You have to do the foot work here… And often a nice "fist full of dollars".... I am always scanning for scrap' or left overs.. And often on ebay the larger lumber 'stores' often sell all their scrap' in bundle packages.. I've even given tree trimmers here in brooklyn some extra lunch money to throw me some select cuts for sculpture… NOw Back To wOrk!!! (*&*%) too much time hitting keys instead of the wood,,Arrrrgh Good luck , Your on to the source… I think everyone here respects the wood, and Is in it for the long haul… Recycle,Respect,Refurbish!!!!


----------



## woodnut99 (Dec 17, 2007)

By the way, Welcome to the best wood working site / forum… A ton of inspiration and knowledge here!!! I'm only a month old, and already have learned much…and have met some GREAT and INSPIRING PEOPLE / w the same bug..


----------



## mski (Jul 3, 2007)

We have a county internet site that has recycled things from plastic barrels to wood to Horse manure.
Iv'e gotten barrels , compost and 2'X4" ply cutoffs there.
Most free!! 
http://www.vcmax.org/


----------



## JohnGray (Oct 6, 2007)

I friend of mine in Kansas that raises cattle, the natural way on grass and home grown corn, takes a couple of steaks when he goes to the dump looking for wood and what not. It really works I've gone with him before.


----------



## Nils (Oct 27, 2007)

Here on the SF Bay Area peninsula area, we have Whole House Building Supply, which specializes in recycled lumber and fittings from houses that are being torn down to create McMansions.
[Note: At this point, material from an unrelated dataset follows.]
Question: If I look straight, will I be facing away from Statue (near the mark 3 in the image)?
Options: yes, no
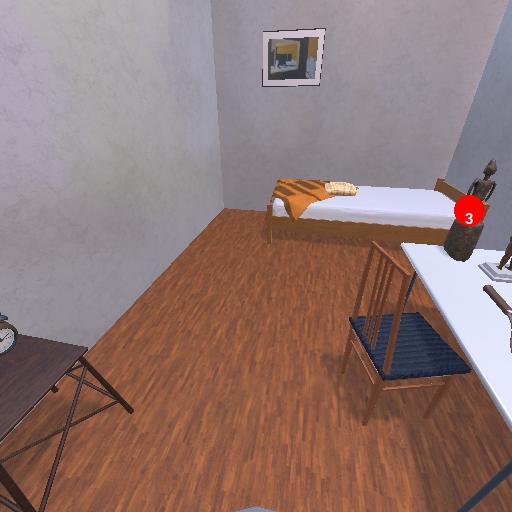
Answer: yes

Because it's California, there's lots of old redwood, much of it siding (i.e., 5/8"-3/4", often painted), and a lot of Douglas Fir 2x material. They also take out cabinets, doors, windows, etc. from the buildings they demolish. Plus, they have a demolition sale almost every weekend, where people can come take stuff off of houses that are going to be demolished for a new building.

If that's the kind of thing you need, it can be a great resource.


----------



## cranbrook2 (May 28, 2006)

I use reclaimed wood for almost everything i build now and all i do is drive around the country side and look for old fallen barns. Most farmers just burn the old barns down so i try to get there before that happens .
I usually trade them a birdhouse in exchange for the wood.
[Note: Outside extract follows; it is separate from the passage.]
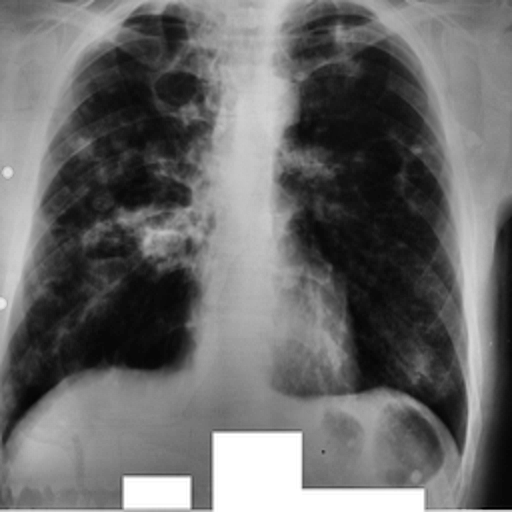
Finding: TUBERCULOSIS
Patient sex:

If you do find any place that does sell reclaimed wood it,s usually not cheap.


----------



## grovemadman (Jan 28, 2008)

I like to hit up construction sites. One guy even helped me load some 2×4s for my most recent projects. 50% of the wood for my new shop was scrounged up. I've bagged some good hardwoods from cabinet shops that can't afford to keep all those smaller pieces around thier place… The wood is usually enough for small projects like boxes and frames. When the price is free it sounds right to me.


----------



## Boardman (Feb 7, 2008)

The greatest wasters of good hardwood are municipal governments. Cities are constantly cutting hardwoods, and some softwoods, from municipal properties and sadly must of it goes to landfill or is chipped into mulch. I've only heard of one city - I thinks it was Chattanoga - that held a yearly lottery for hardwood logs they had cut. You buy a ticket and then they draw the numbers to determine the pecking order of who gets first shot at the pile of logs. The city saves money by not having to process the logs in any way, plus the cash generated from the lottery. Now there's a city government with an actual brain.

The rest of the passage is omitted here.